Concurrent Learning of Policy and Unknown Safety Constraints in Reinforcement Learning

Reinforcement learning (RL) has revolutionized decision-making across a wide range of domains over the past few decades. Yet, deploying RL policies in real-world scenarios presents the crucial challenge of ensuring safety. Traditional safe RL approaches have predominantly focused on incorporating predefined safety constraints into the policy learning process. However, this reliance on predefined safety constraints poses limitations in dynamic and unpredictable real-world settings where such constraints may not be available or sufficiently adaptable. Bridging this gap, we propose a novel approach that concurrently learns a safe RL control policy and identifies the unknown safety constraint parameters of a given environment. Initializing with a parametric signal temporal logic (pSTL) safety specification and a small initial labeled dataset, we frame the problem as a bilevel optimization task, intricately integrating constrained policy optimization, using a Lagrangian-variant of the twin delayed deep deterministic policy gradient (TD3) algorithm, with Bayesian optimization for optimizing parameters for the given pSTL safety specification. Through experimentation in comprehensive case studies, we validate the efficacy of this approach across varying forms of environmental constraints, consistently yielding safe RL policies with high returns. Furthermore, our findings indicate successful learning of STL safety constraint parameters, exhibiting a high degree of conformity with true environmental safety constraints. The performance of our model closely mirrors that of an ideal scenario that possesses complete prior knowledge of safety constraints, demonstrating its proficiency in accurately identifying environmental safety constraints and learning safe policies that adhere to those constraints.
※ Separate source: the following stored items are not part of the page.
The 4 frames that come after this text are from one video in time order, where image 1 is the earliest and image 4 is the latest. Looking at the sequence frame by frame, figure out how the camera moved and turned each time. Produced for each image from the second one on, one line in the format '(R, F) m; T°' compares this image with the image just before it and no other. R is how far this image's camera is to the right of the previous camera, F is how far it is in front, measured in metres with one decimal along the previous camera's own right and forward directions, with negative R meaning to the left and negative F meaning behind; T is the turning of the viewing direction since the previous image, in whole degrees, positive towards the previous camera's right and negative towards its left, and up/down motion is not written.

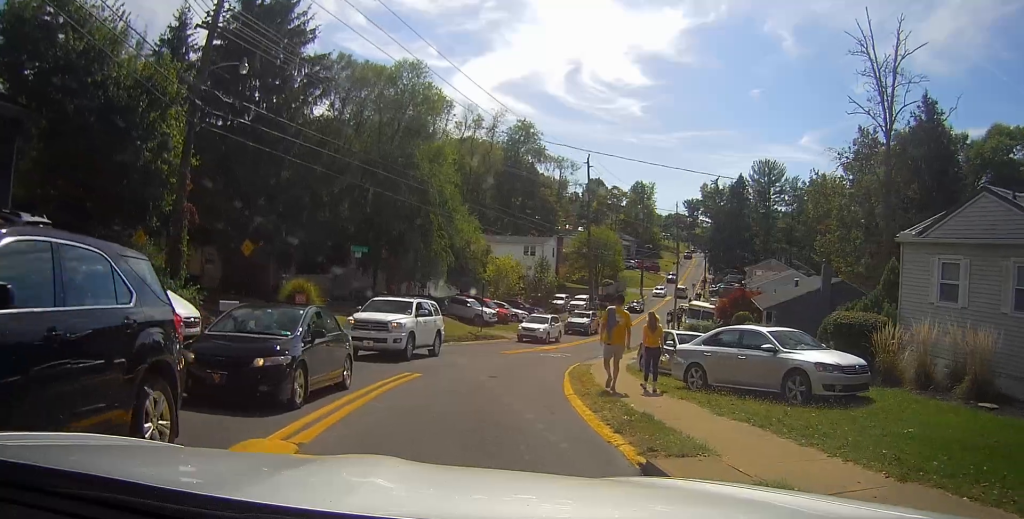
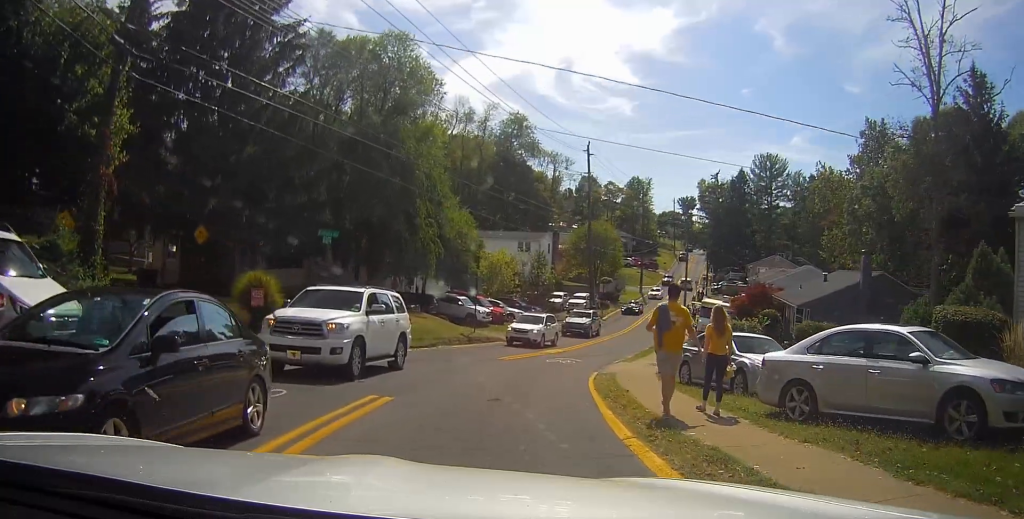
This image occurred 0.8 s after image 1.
(-0.1, +5.1) m; +1°
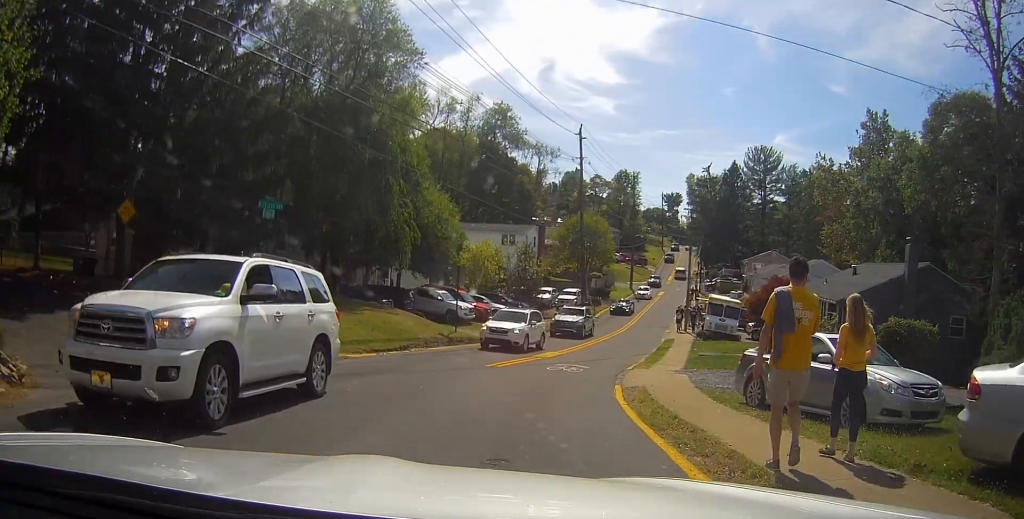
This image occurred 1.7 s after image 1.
(+0.1, +5.5) m; +4°
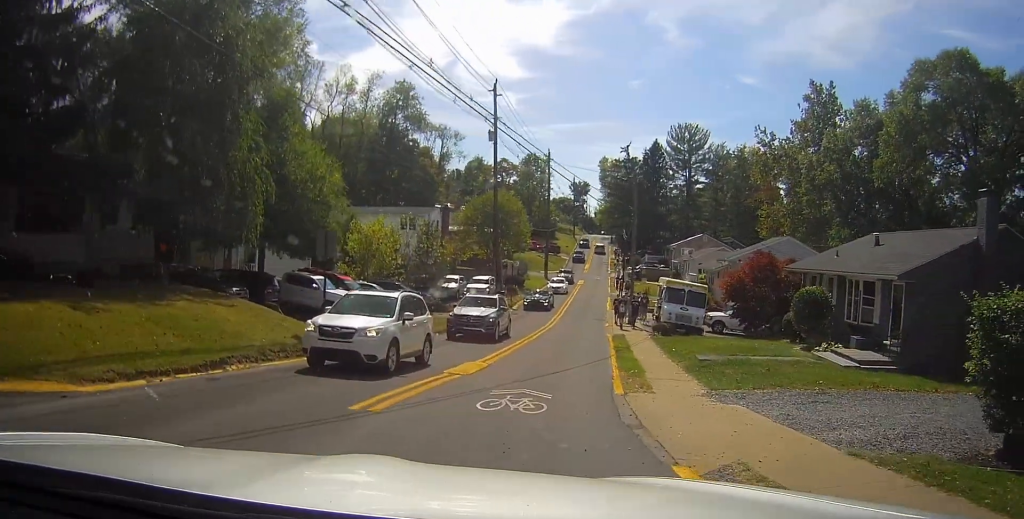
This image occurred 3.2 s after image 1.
(+0.9, +10.5) m; +9°

翻译：强化学习（RL）在过去数十年间彻底改变了众多领域的决策方法。然而，将强化学习策略部署到真实场景中时，确保安全性成为关键挑战。传统安全强化学习方法主要侧重于将预定义安全约束纳入策略学习过程。但这种对预定义安全约束的依赖在动态且不可预测的真实环境中存在局限性——此类约束可能无法获取或缺乏足够适应性。为弥合这一差距，我们提出了一种新颖方法，可同时学习安全强化学习控制策略并识别给定环境中的未知安全约束参数。通过采用参数化信号时序逻辑（pSTL）安全规约与少量初始标记数据集，我们将该问题构建为双层优化任务，巧妙融合了基于拉格朗日变体的双延迟深度确定性策略梯度（TD3）算法的约束策略优化，以及用于优化给定pSTL安全规约参数的贝叶斯优化。通过综合案例研究实验，我们验证了该方法在不同形式环境约束下的有效性，始终能生成兼具高回报的安全强化学习策略。此外，研究结果表明，我们成功学习了STL安全约束参数，其与真实环境安全约束具有高度一致性。模型性能近乎达到完全预知安全约束的理想场景水平，充分展现了其在准确识别环境安全约束与学习合规安全策略方面的卓越能力。